Выбрать главу

Началась крупномасштабная операция по разложению русской армии с революционной и сепаратистской пропаганды (украинской) в лагерях военнопленных. По свидетельству Либкнехта, «германское правительство не только способствовало этой пропаганде, но и само вело таковую». Этим целям служил «Комитет революционной пропаганды», основанный в 1915 г. в Гааге, «Союз освобождения Украйны» — в Австрии, «Копенгагенский институт» — организация Парвуса, — и целый ряд газет революционного направления, частью издававшихся только на средства немецкого штаба, а частью субсидировавшихся им. К таким относятся: «Социал-демократ» (Женева, газета Ленина), «Наше слово» (Париж, газета Троцкого), «На чужбине» (Женева, с участием Чернова, Каца и др.), «Русский вестник», «Родная речь», «Неделя» и др.

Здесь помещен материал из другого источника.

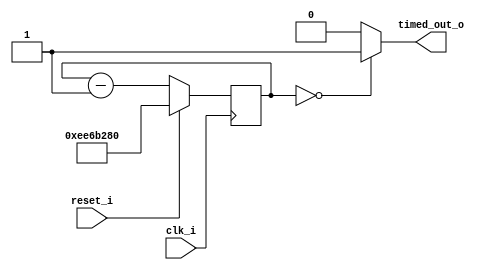
module timeout_counter (
	input clk_i,
	input reset_i,
	output reg timed_out_o
);

reg [27:0] counter_d, counter_q;

always @(*) begin
	if (reset_i)
		counter_d = 28'd250000000;
	else
		counter_d = counter_q - 28'd1;
	
	if (counter_q == 28'd0)
		timed_out_o = 1'b1;
	else
		timed_out_o = 1'b0;
end

always @(posedge clk_i) begin
	counter_q <= counter_d;
end

endmodule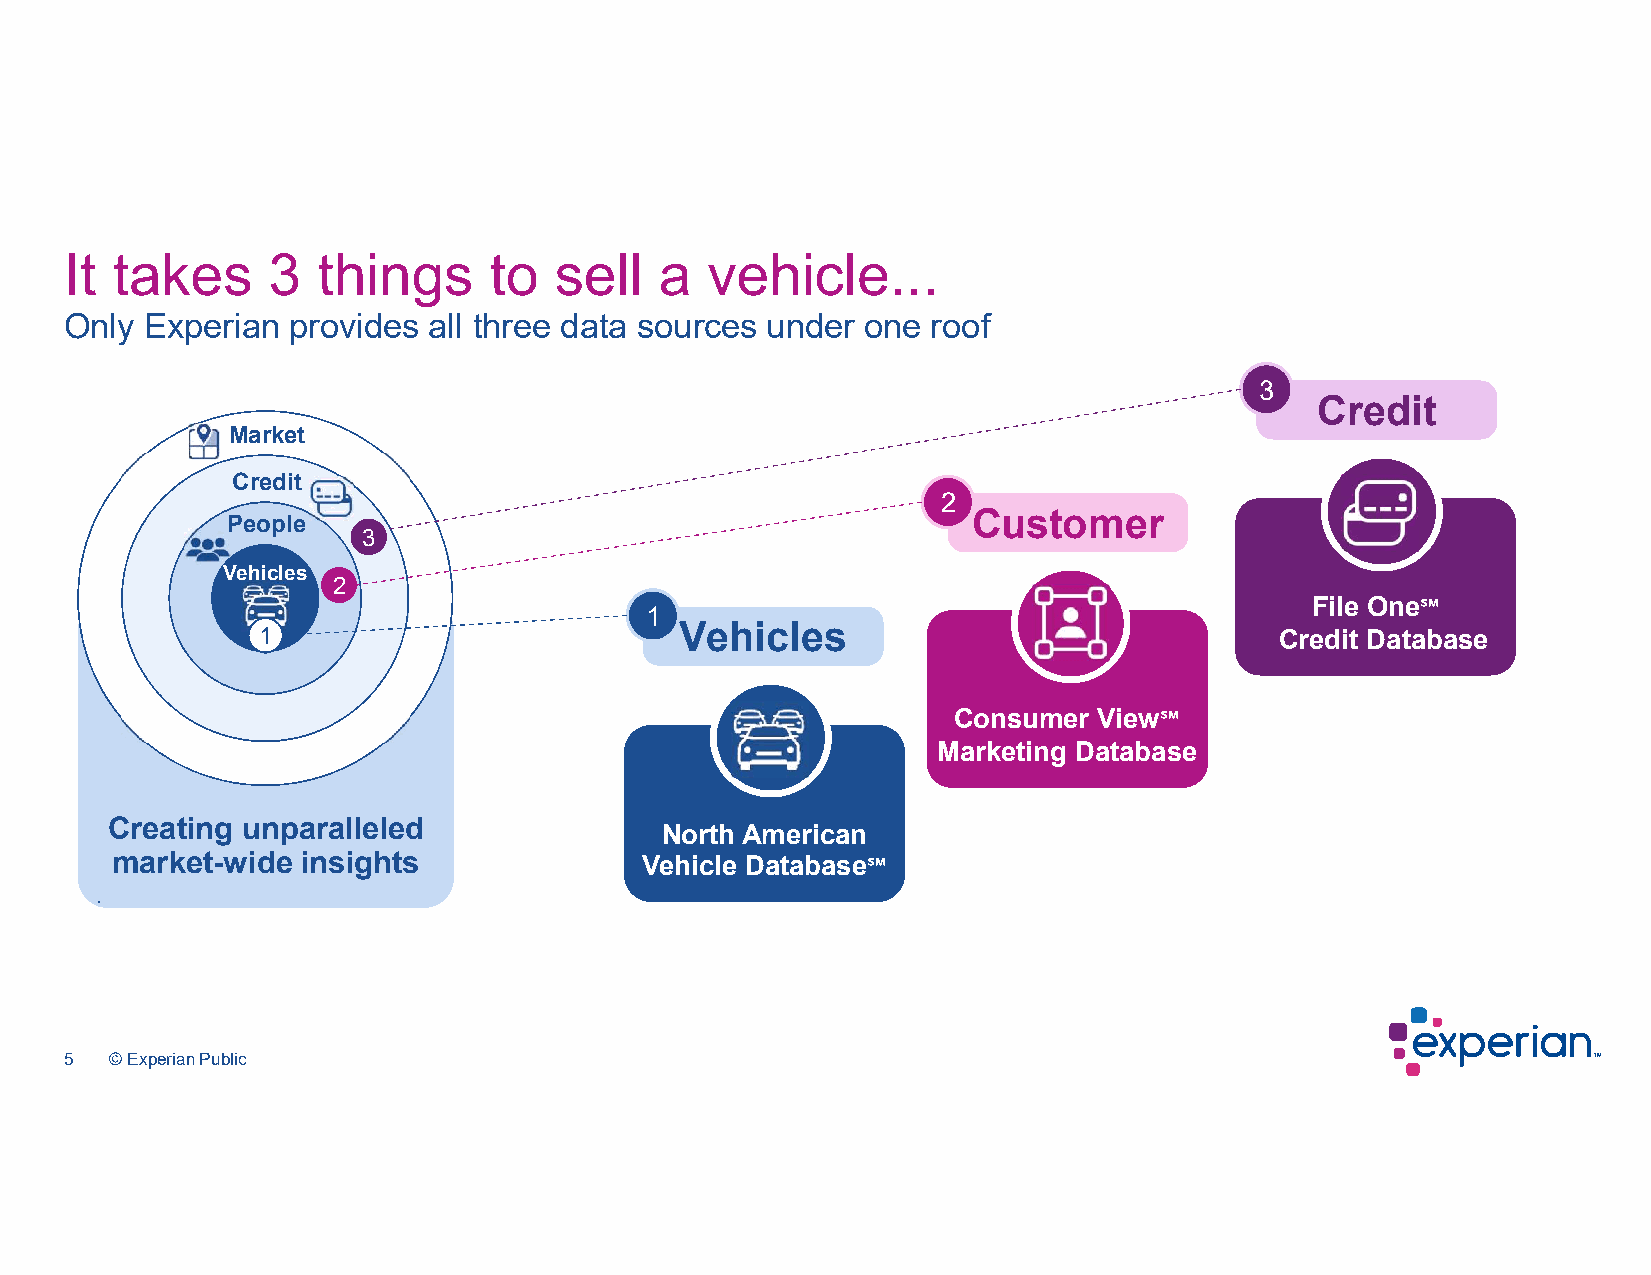
It takes      3  things     to   sell   a  vehicle...
 Only  Experian provides all three data sources under one  roof
 3
 Credit
 Market
 Credit
 2
 Customer
 People
 3
 Vehicles
 2
 File One℠
 1
 Vehicles
 1                                                                   Credit Database
 Consumer  View℠
 Marketing Database
 .
 Creating unparalleled
 North American
 market-wide  insights               Vehicle Database℠
 .
 5  © Experian Public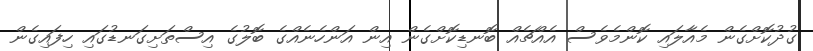
ގުދުކޮށްގެން މެއާލައި ކޮންމެވެސް އެއްޗެއް ބޮނޑިކޮށްގެން އިން އަންހެނެއްގެ ބޮލުގެ އިސްތަށިގަނޑުގައި ހިފައިގެން
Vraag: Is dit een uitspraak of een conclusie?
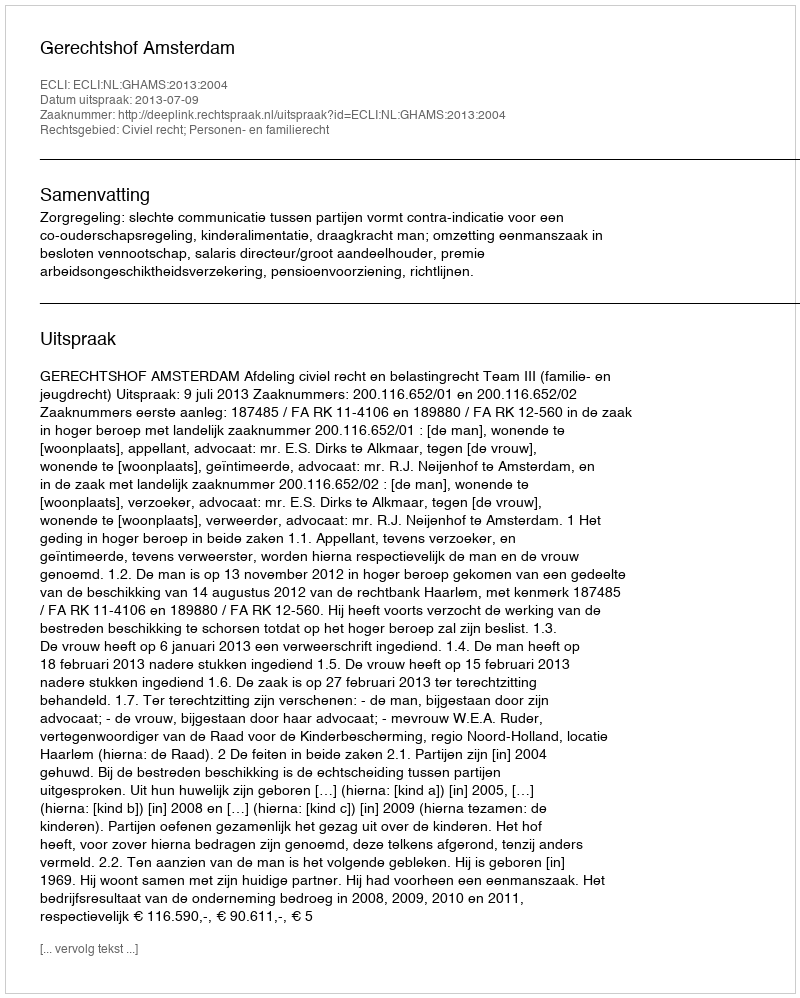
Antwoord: Uitspraak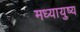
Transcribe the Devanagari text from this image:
मध्यायुष्य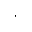
\cdot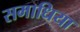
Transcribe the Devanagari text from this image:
समाधिया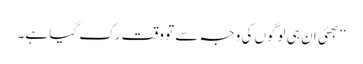
‘‘بھئی ان ہی لوگوں کی وجہ سے تو وقت رک گیا ہے۔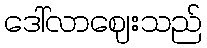
ဒေါ်လာဈေးသည်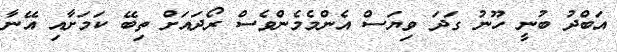
އަބްދު ބުނީ ހޫނު ގަދަ ވިޔަސް އެންމެމެންވެސް ރޯދައަށް ތިބޭ ކަމަށާއި އޭނާ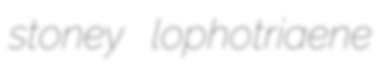
stoney lophotriaene

Наряду с распространением подобного рода литературы занимался «благотворительными делами» и «Комитет интеллектуальной помощи русским военнопленным в Германии и Австрии» (Женева), который находился в связи с официальной Москвой и получал оттуда субсидии.

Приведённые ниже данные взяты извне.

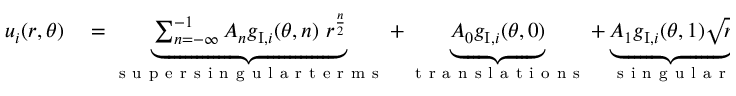
\begin{array} { r l } { u _ { i } ( r , \theta ) } & { { } = \underbrace { \sum _ { n = - \infty } ^ { - 1 } A _ { n } g _ { \mathrm { I } , i } ( \theta , n ) \ r ^ { \frac { n } { 2 } } } _ { \mathrm { ~ s ~ u ~ p ~ e ~ r ~ s ~ i ~ n ~ g ~ u ~ l ~ a ~ r ~ t ~ e ~ r ~ m ~ s ~ } } + \underbrace { A _ { 0 } g _ { \mathrm { I } , i } ( \theta , 0 ) } _ { \mathrm { ~ t ~ r ~ a ~ n ~ s ~ l ~ a ~ t ~ i ~ o ~ n ~ s ~ } } + \underbrace { A _ { 1 } g _ { \mathrm { I } , i } ( \theta , 1 ) \sqrt { r } } _ { \mathrm { ~ s ~ i ~ n ~ g ~ u ~ l ~ a ~ r ~ } } + \underbrace { \sum _ { n = 2 } ^ { \infty } A _ { n } g _ { \mathrm { I } , i } ( \theta , n ) \ r ^ { \frac { n } { 2 } } } _ { \mathrm { ~ s ~ u ~ b ~ s ~ i ~ n ~ g ~ u ~ l ~ a ~ r ~ t ~ e ~ r ~ m ~ s ~ } } } \end{array}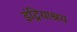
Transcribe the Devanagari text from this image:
इंद्रियाश्रय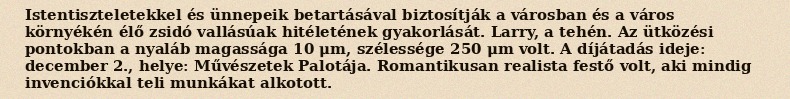
Istentiszteletekkel és ünnepeik betartásával biztosítják a városban és a város környékén élő zsidó vallásúak hitéletének gyakorlását. Larry, a tehén. Az ütközési pontokban a nyaláb magassága 10 μm, szélessége 250 μm volt. A díjátadás ideje: december 2., helye: Művészetek Palotája. Romantikusan realista festő volt, aki mindig invenciókkal teli munkákat alkotott.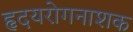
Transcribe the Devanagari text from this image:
हृदयरोगनाशक

В самом начале войны Ленин получил от «Союза освобождения Украйны» 5 тыс. долларов на издание своей газеты «Социал-демократ». Эту газету через посредство кайзеровского агента Александра Кескюлы (псевдоним — А. Штейн) тиражировали в германском Морском штабе. 9 января 1916 г. Штейн писал в главную немецкую штаб-квартиру: «В конце недели появится вторая брошюра ЦК РСДРП (т. е. Ленина). Деньги, которые я выплатил до отъезда, были украдены с типично русским хладнокровием. Вчера я выплатил сумму еще раз. Даже революцию нужно вбивать в этих русских полицейской дубинкой».

Чтобы определить ориентацию подобных изданий, достаточно привести несколько фраз, выражающих взгляды их вдохновителей. Ленин в «Социал-демократе» писал: «Наименьшим злом будет поражение царской монархии — наиболее варварского и реакционного из всех правительств…» Чернов, будущий министр земледелия, на такое изречение заметил в «Мысли», что у него «есть одно Отечество — интернационал…»

Наряду с использованием печатного слова, немцы приглашали сподвижников Ленина читать сообщения в лагеря. А немецкий шпион, консул фон Пельхе, занимался вербовкой агитаторов для пропаганды в рядах армии среди русских эмигрантов призывного возраста и левого направления.

Но все это была только подготовка. Русская революция открыла необъятные перспективы для немецкой пропаганды. Наряду с чистыми людьми, боровшимися действительно за народное благо, а потому изгнанных из страны, в Россию хлынула и вся та революционная плесень, которая впитала в себя элементы «охранки», интернационального шпионажа и бунта.

Россию часто упрекали в чрезмерных гонениях на инакомыслящих. История показывает, что на самом деле все обстояло не так. Петроградская власть больше всего боялась обвинения в недостаточной демократичности. Министр Милюков неоднократно заявлял, что «правительство признает, безусловно, возможным возвращение в Россию всех эмигрантов, без различия их взглядов на войну и независимо от нахождения их в международных контрольных списках». Министр даже вел спор с англичанами, задержавшими у себя большевиков Троцкого, Зурабова и других и не хотевших их отпускать. Но с Лениным и его единомышленниками дело было куда сложнее. Несмотря на требование русского правительства, союзники ни за что не желали их пропускать. Тогда в эту перепалку вмешалась Германия, крайне заинтересованная в возвращении Ленина и других большевиков на родину.

По признанию Людендорфа, немецкое правительство командировало Ленина и его спутников (в первой партии 17 человек) в Россию, предоставив им свободный проезд через Германию. Предприятие это, сулившее компенсироваться с лихвой, щедро финансировалось золотом и валютой через Стокгольмский и Копенгагенский центры, а также через русский Сибирский банк. Тем золотом, которое, по любимому выражению вождя мирового пролетариата, «не пахнет».